What is the I Ching?
The Funeral of the Real » I Ching and the Logos
Here’s an unusual I Ching reading, interpreted with great creative insight from an unfamiliar perspective. The question is “What is the I Ching?”, the answer Hexagram 44 moving at lines 3 and 4 to Hexagram 20. So Joe Chip notices that the trigram for wind or wood is in both hexagrams - first inside heaven, then above the earth, and
“interpreted this as meaning that the I Ching is the wind that blows between heaven and earth, and is created by heaven and received by earth.

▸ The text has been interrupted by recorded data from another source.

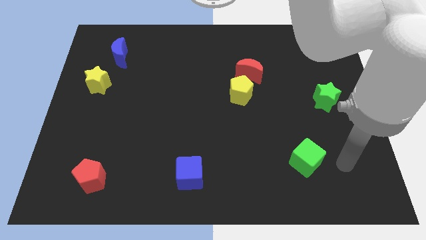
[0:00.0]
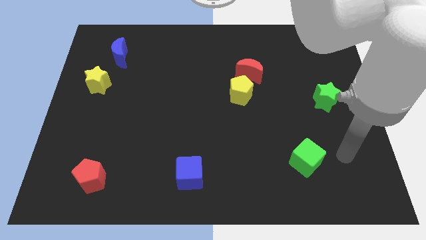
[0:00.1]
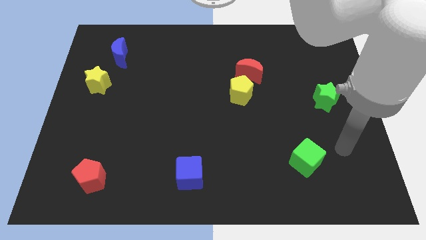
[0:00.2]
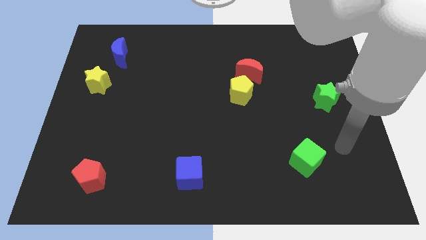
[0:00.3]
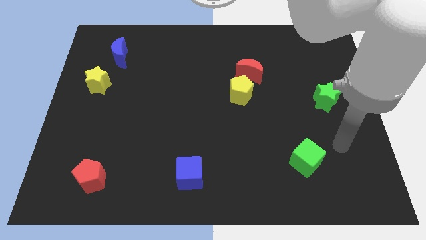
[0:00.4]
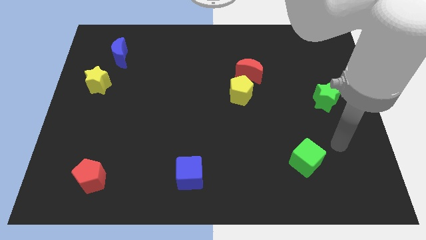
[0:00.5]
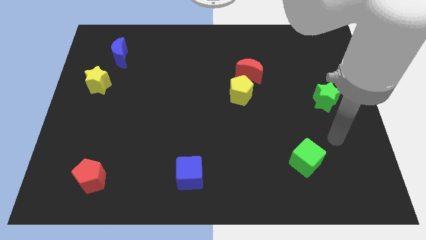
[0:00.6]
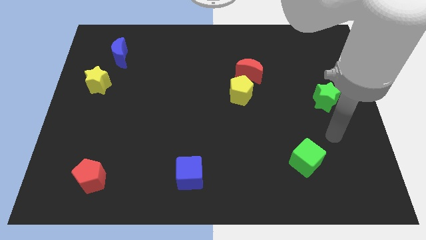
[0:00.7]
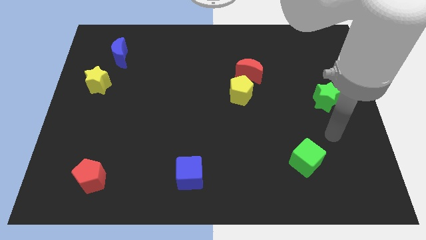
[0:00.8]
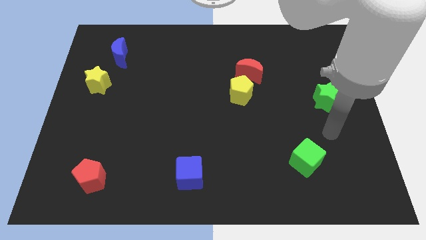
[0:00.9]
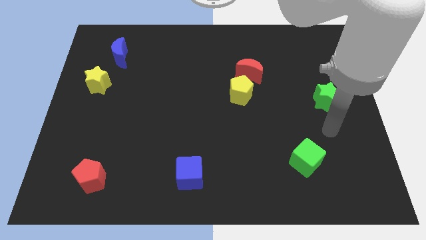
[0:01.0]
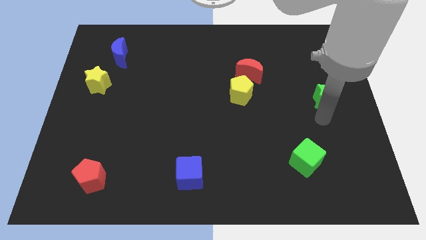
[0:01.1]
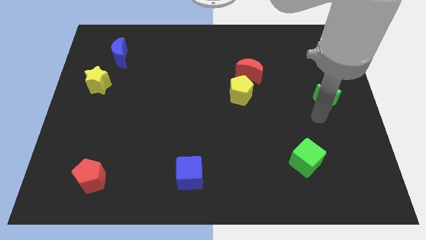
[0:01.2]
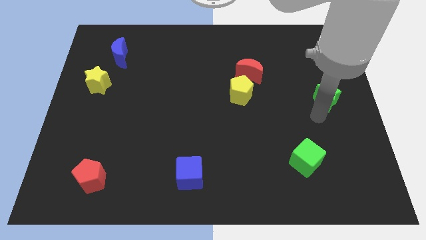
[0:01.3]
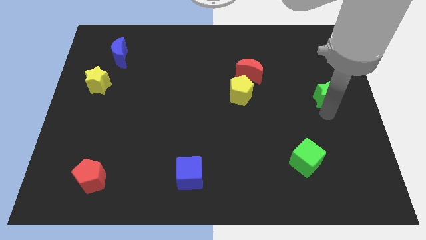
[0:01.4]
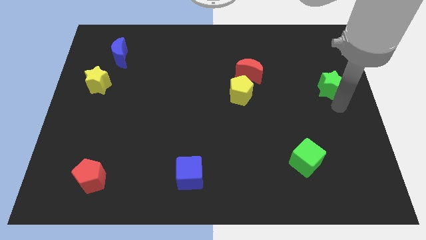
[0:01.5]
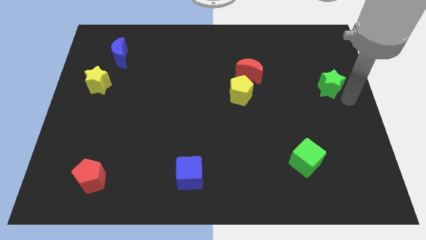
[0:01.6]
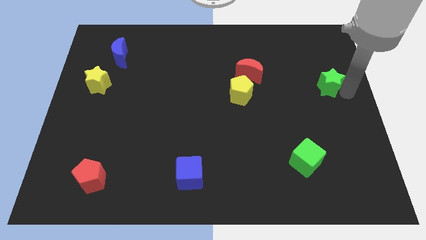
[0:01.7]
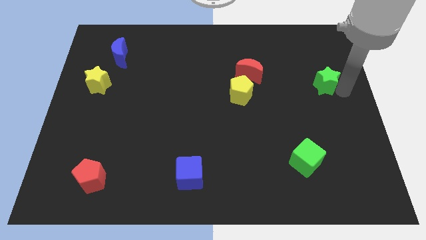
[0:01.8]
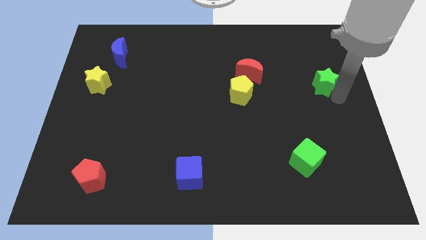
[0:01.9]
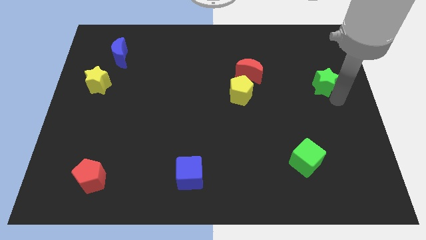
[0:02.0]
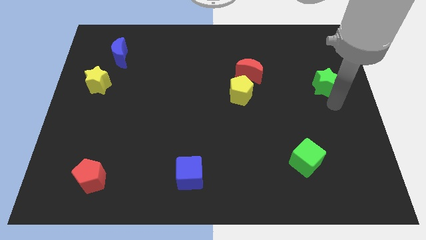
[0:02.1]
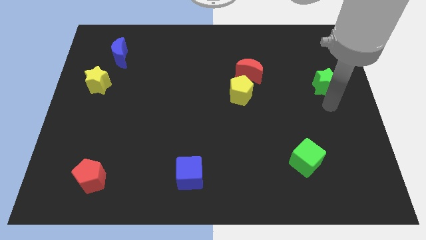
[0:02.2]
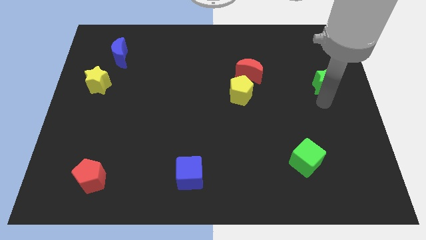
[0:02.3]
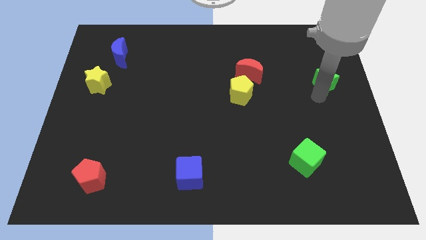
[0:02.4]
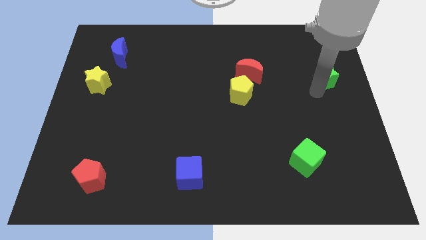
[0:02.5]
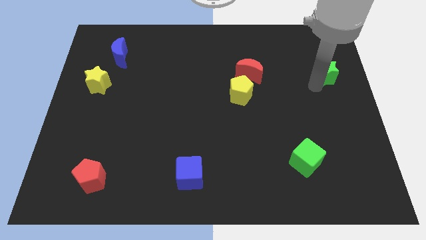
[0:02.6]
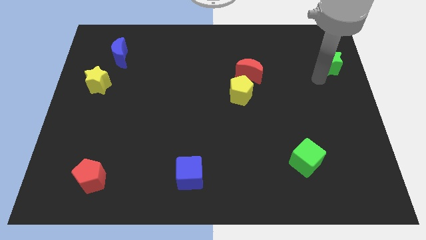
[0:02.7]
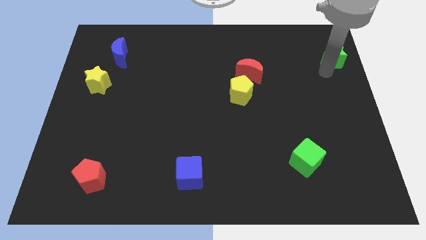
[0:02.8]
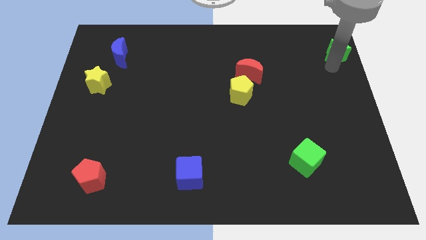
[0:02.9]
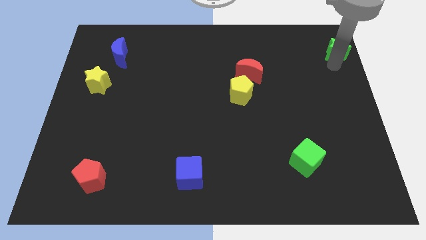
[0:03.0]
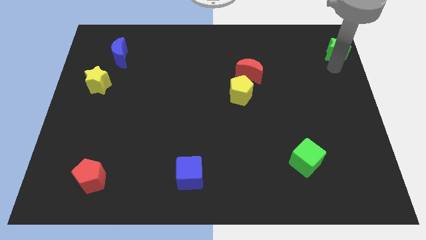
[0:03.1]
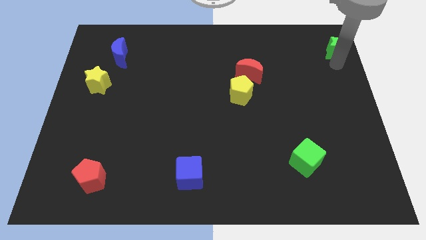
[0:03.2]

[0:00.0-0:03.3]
push the green star to the top right corner

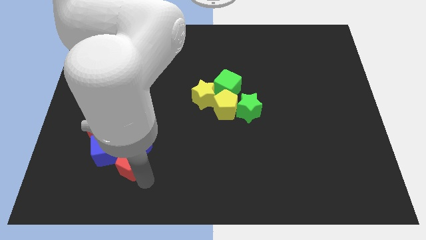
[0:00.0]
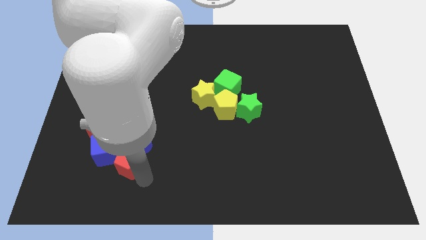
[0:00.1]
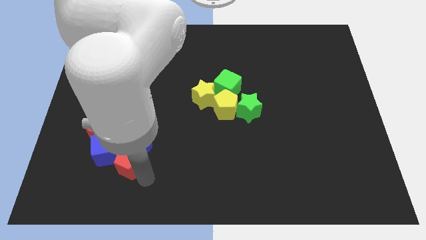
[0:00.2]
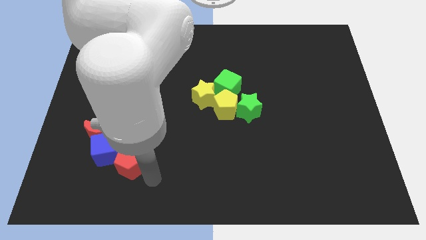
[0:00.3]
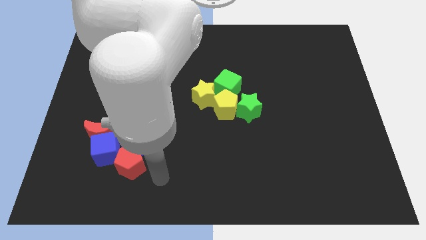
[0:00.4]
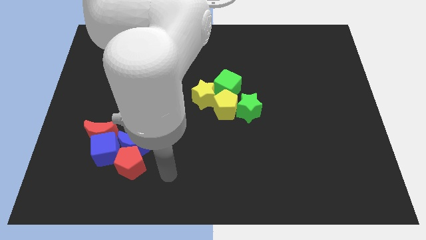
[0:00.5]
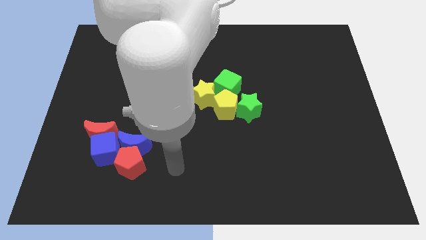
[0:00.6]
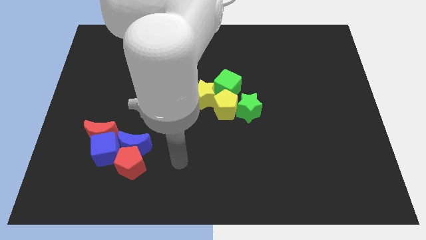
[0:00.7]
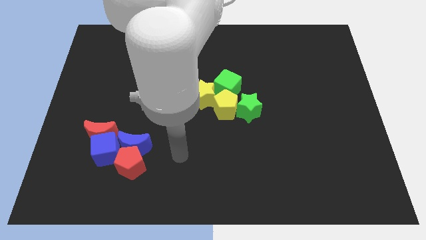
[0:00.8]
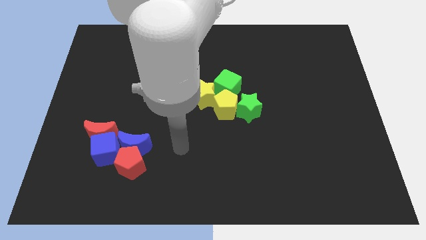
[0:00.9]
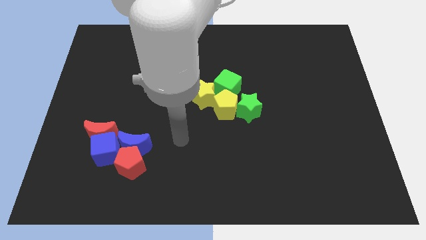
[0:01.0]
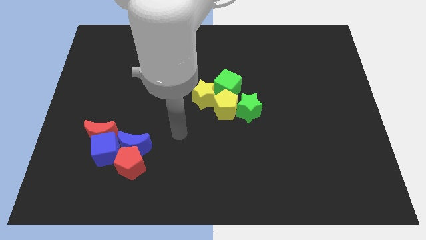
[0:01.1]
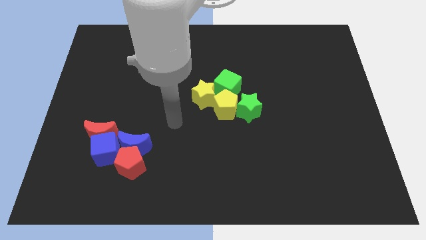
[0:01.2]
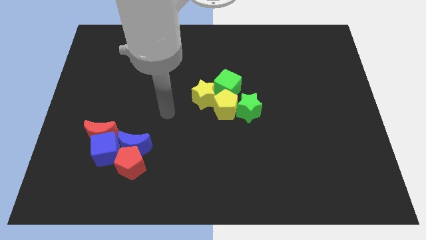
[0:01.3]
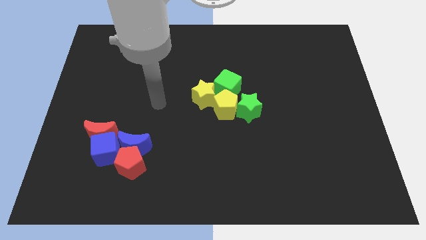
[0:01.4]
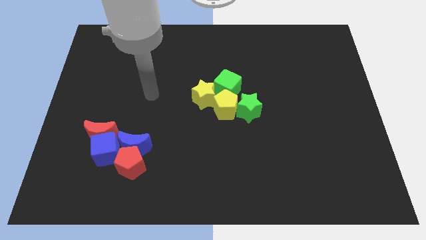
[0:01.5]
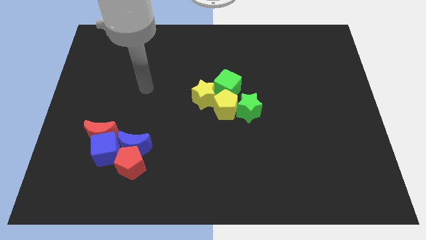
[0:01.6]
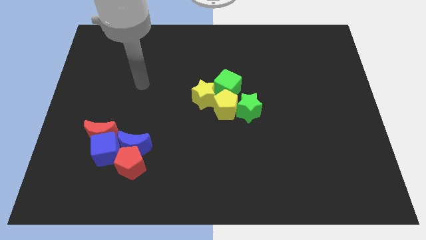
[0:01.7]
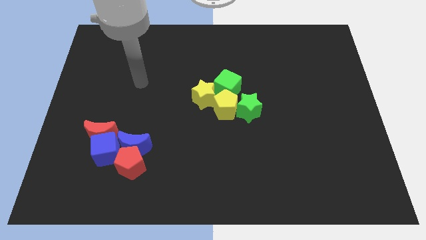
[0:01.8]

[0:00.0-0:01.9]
move the arm away from the red pentagon

It could also be the tree between heaven and earth, evoking the tree of life, or axis mundi.”
And his response to Cary Baynes’ ‘fish in the tank’ is remarkable, too.

February 20th, 2006 at 10:40 pm
[...] These days “Gnostic” as a label feels like an ill-fitting suit. Ill-fitting suits are always bad, by definition. Better options include: a well-tailored suit, or casual but stylish. Given my personal dispositions, I’d have to go with casual but stylish. My blog has been getting a minor amount of attention outside of the Gnostocosm as well. I was flattered to find my first I Ching post referenced by Answers, an I Ching blog. Some of the things I talk about obviously have appeal beyond online Gnosticism. I think this blog can be Gnostic without being “a Gnostic blog.” And I can be Gnostic without being a Gnostic. [...]
October 22nd, 2006 at 7:37 pm
A friend of mine has a blog on various religious topics. It comments on Gnosticism occasionally, often in a satirical light. I’d be curious to hear your take on things. It’s at link
Some gnostic related postings include;
http://tim.2wgroup.com/blog/archives/001204.html
http://tim.2wgroup.com/blog/archives/001197.html
http://tim.2wgroup.com/blog/archives/001261.html
Good luck!
October 23rd, 2006 at 10:22 am
Thanks for the links, that’s a well-written blog. I couldn’t really comment on Gnosticism, though - I just liked the way this particular Gnostic looked at Yi.